Records from a data collection:
• • •

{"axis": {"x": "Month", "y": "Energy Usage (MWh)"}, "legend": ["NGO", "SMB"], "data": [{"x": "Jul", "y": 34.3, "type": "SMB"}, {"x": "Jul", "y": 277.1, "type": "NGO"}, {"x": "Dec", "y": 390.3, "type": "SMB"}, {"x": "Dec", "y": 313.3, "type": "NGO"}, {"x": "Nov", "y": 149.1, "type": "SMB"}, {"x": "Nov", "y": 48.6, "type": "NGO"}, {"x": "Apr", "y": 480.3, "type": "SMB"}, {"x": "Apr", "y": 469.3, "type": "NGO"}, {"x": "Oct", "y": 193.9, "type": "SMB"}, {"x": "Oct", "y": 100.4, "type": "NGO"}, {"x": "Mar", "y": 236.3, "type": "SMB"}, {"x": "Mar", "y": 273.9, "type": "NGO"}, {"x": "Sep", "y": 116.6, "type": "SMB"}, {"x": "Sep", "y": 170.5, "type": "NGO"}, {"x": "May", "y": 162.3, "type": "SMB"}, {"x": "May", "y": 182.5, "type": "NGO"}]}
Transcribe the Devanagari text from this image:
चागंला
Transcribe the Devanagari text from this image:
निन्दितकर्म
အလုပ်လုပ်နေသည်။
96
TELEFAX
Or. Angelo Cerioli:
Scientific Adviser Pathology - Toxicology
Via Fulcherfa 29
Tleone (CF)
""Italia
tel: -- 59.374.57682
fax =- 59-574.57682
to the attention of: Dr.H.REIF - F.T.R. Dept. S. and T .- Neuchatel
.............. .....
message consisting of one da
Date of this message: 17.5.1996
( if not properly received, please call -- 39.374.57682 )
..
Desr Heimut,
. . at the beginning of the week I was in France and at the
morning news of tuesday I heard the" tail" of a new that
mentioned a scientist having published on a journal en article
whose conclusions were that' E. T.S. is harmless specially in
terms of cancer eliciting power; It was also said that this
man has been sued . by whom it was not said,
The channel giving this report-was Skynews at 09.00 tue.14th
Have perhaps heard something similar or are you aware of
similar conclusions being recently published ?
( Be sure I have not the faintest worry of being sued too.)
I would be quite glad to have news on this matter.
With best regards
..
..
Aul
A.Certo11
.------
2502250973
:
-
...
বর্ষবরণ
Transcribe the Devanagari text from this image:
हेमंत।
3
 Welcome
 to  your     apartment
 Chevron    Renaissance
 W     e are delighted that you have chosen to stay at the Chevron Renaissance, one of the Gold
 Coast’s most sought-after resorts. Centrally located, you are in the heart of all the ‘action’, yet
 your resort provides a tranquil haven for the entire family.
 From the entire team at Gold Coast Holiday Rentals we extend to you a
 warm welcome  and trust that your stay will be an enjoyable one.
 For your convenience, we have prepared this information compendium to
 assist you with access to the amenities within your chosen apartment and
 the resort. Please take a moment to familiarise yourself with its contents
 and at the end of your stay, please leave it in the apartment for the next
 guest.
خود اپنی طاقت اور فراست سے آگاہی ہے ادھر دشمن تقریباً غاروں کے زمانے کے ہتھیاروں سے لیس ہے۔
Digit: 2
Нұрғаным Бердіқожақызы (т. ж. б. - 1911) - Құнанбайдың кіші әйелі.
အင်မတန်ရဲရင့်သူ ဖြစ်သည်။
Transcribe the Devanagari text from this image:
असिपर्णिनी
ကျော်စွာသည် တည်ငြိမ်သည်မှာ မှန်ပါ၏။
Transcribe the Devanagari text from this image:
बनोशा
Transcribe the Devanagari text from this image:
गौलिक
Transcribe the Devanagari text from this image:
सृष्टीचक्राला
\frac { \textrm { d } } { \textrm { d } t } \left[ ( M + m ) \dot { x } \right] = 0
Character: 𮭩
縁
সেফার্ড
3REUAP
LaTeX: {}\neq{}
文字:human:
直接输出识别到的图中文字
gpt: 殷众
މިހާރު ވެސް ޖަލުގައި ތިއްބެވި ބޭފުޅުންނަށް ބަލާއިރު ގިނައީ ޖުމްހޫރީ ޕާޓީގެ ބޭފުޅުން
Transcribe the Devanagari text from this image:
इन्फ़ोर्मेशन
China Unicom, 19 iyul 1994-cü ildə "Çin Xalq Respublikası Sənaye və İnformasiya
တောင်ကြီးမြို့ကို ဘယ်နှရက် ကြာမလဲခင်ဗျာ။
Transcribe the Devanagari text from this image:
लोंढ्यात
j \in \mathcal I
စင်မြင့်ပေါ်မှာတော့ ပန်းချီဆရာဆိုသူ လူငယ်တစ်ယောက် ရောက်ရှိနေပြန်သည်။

• • •

Task brief: All lines from the one that contains "直接输出识别到的图中文字" to the end of the records above are to be copied exactly; leave out the rest.

Solution to this task:
直接输出识别到的图中文字
gpt: 殷众
މިހާރު ވެސް ޖަލުގައި ތިއްބެވި ބޭފުޅުންނަށް ބަލާއިރު ގިނައީ ޖުމްހޫރީ ޕާޓީގެ ބޭފުޅުން
Transcribe the Devanagari text from this image:
इन्फ़ोर्मेशन
China Unicom, 19 iyul 1994-cü ildə "Çin Xalq Respublikası Sənaye və İnformasiya
တောင်ကြီးမြို့ကို ဘယ်နှရက် ကြာမလဲခင်ဗျာ။
Transcribe the Devanagari text from this image:
लोंढ्यात
j \in \mathcal I
စင်မြင့်ပေါ်မှာတော့ ပန်းချီဆရာဆိုသူ လူငယ်တစ်ယောက် ရောက်ရှိနေပြန်သည်။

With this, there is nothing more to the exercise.